**WHAT THIS TASK INVOLVES**:
Every record below must be returned word for word, with the pictures left out.

Records from a data collection
+---+

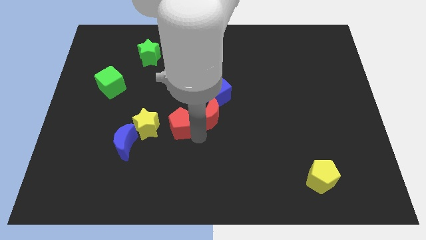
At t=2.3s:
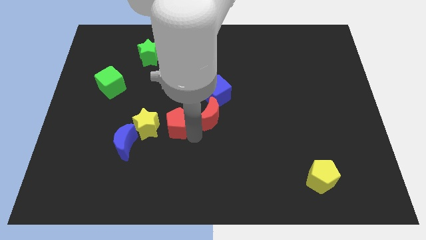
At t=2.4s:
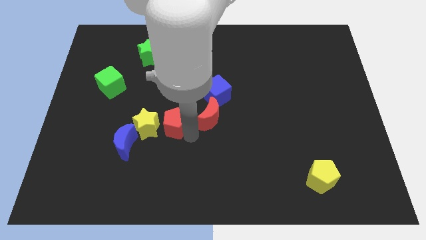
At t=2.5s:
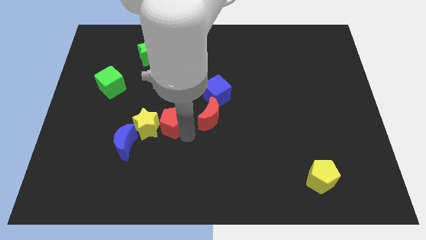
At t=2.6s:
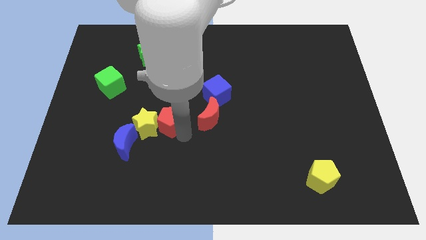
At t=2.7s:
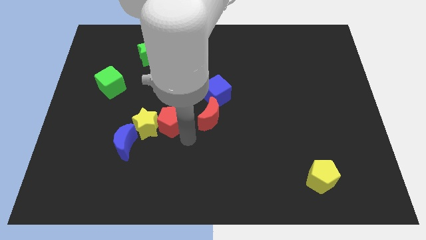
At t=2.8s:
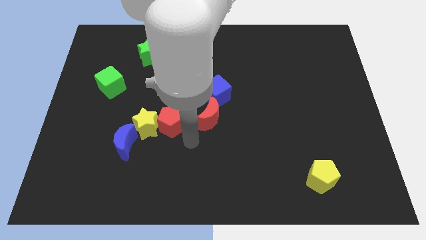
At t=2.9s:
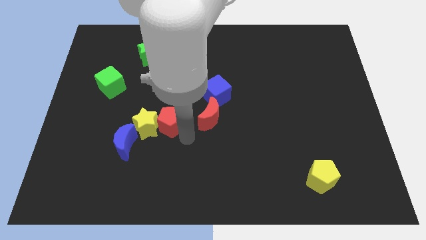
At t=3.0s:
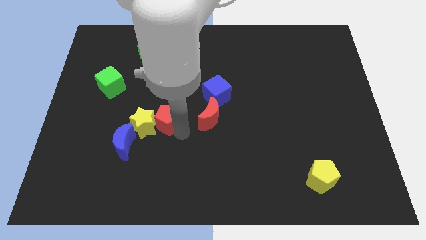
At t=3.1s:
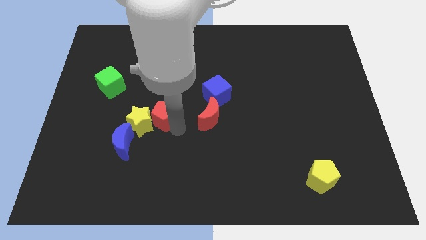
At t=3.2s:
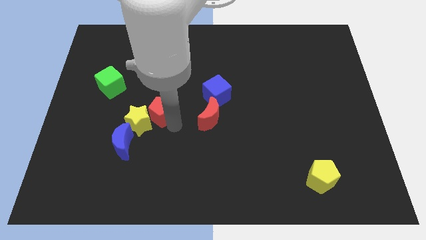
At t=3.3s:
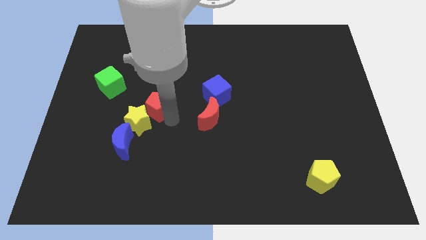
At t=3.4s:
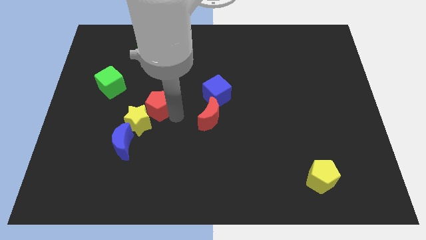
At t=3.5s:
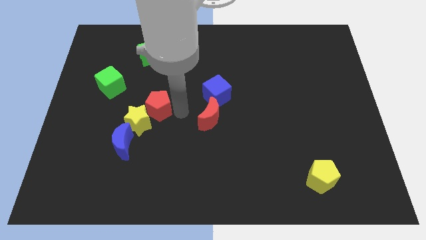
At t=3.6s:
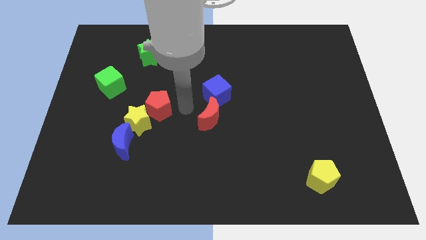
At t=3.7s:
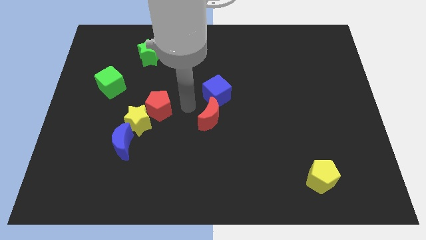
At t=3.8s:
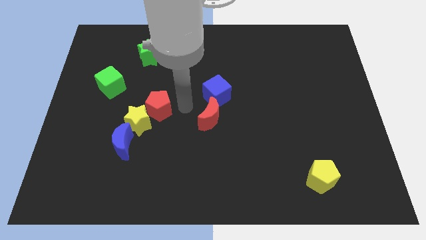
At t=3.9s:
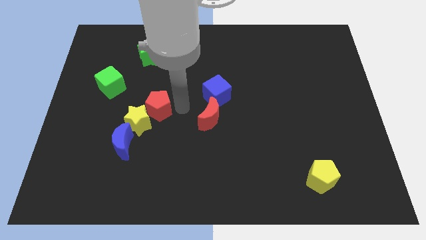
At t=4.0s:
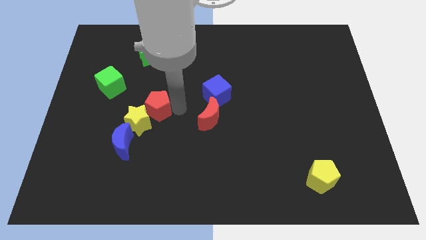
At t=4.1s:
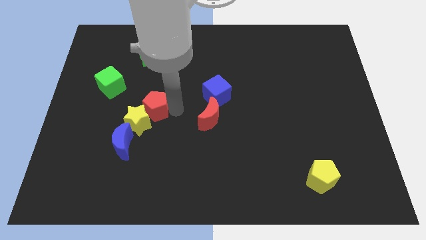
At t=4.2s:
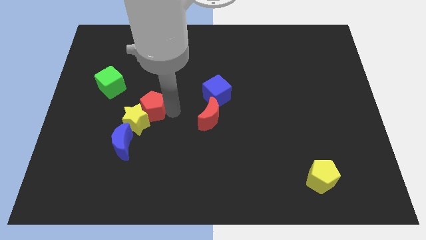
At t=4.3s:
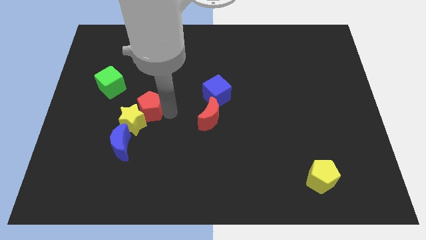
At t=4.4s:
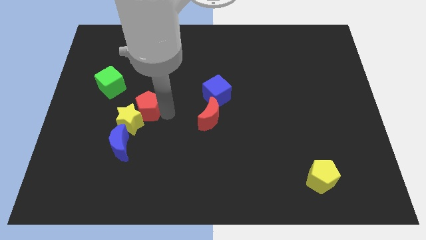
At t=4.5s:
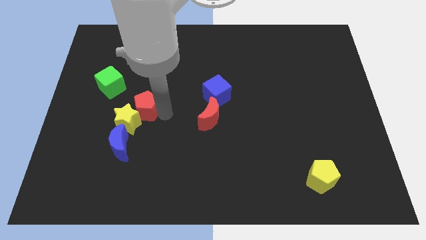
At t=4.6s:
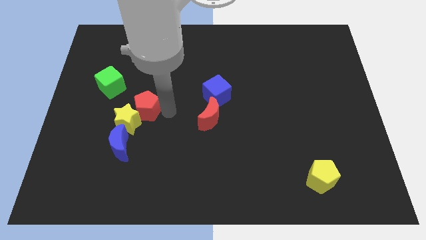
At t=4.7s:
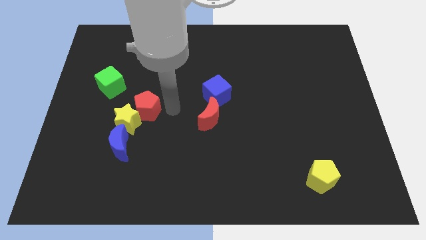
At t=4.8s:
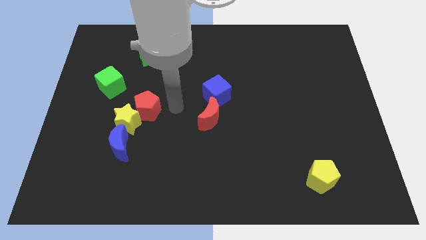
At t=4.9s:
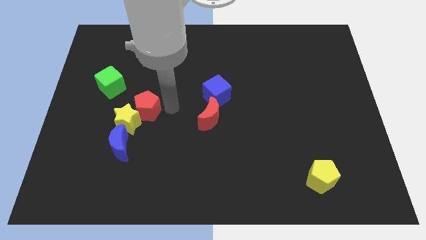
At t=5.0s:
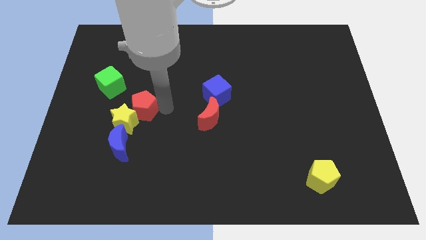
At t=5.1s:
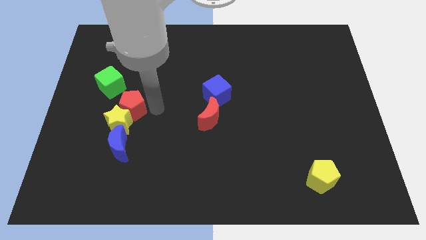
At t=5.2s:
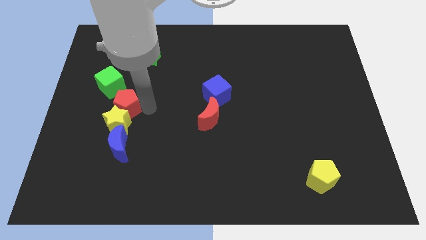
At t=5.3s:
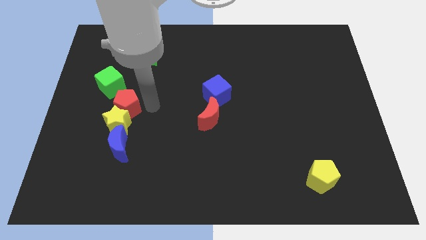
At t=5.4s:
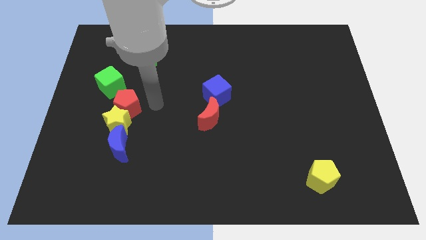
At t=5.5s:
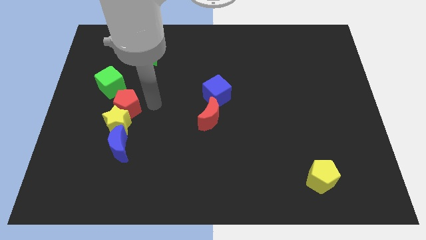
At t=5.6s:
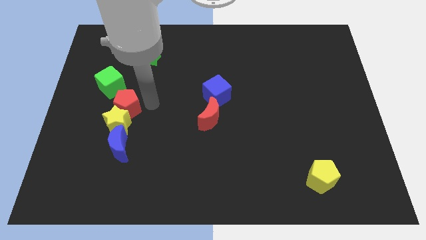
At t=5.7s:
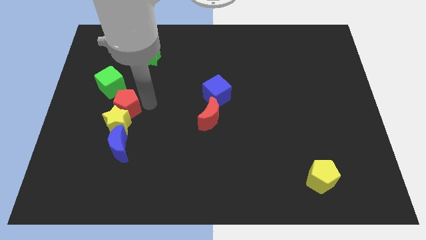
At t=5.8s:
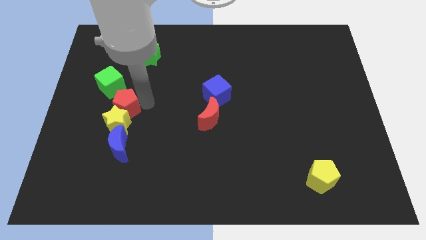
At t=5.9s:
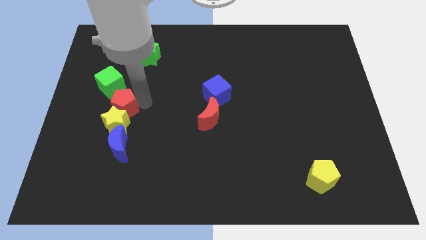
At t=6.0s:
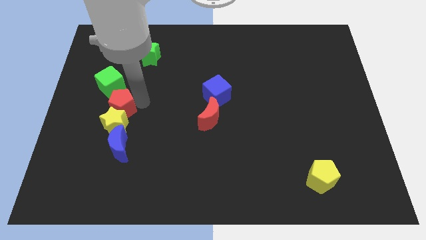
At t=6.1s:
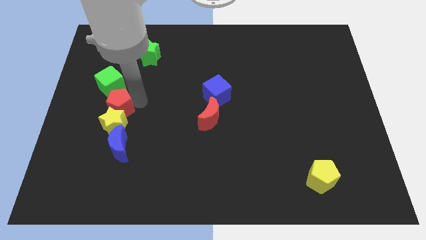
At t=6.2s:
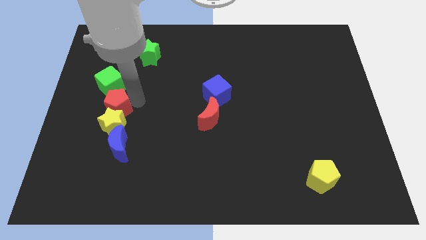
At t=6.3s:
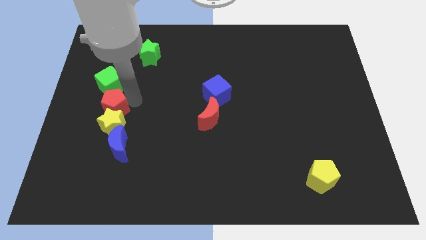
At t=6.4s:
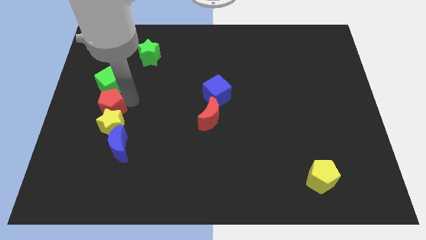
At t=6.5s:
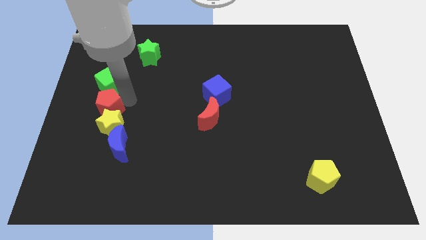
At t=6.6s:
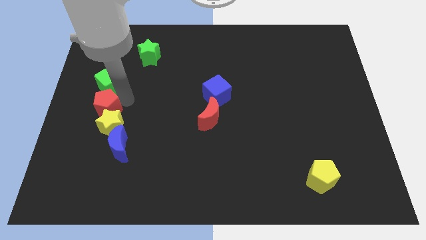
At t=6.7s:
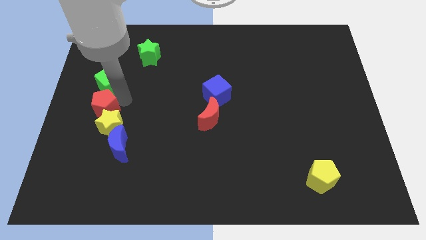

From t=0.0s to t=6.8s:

+---+

**COMPLETED EXERCISE**:
At t=2.3s:
At t=2.4s:
At t=2.5s:
At t=2.6s:
At t=2.7s:
At t=2.8s:
At t=2.9s:
At t=3.0s:
At t=3.1s:
At t=3.2s:
At t=3.3s:
At t=3.4s:
At t=3.5s:
At t=3.6s:
At t=3.7s:
At t=3.8s:
At t=3.9s:
At t=4.0s:
At t=4.1s:
At t=4.2s:
At t=4.3s:
At t=4.4s:
At t=4.5s:
At t=4.6s:
At t=4.7s:
At t=4.8s:
At t=4.9s:
At t=5.0s:
At t=5.1s:
At t=5.2s:
At t=5.3s:
At t=5.4s:
At t=5.5s:
At t=5.6s:
At t=5.7s:
At t=5.8s:
At t=5.9s:
At t=6.0s:
At t=6.1s:
At t=6.2s:
At t=6.3s:
At t=6.4s:
At t=6.5s:
At t=6.6s:
At t=6.7s:

From t=0.0s to t=6.8s:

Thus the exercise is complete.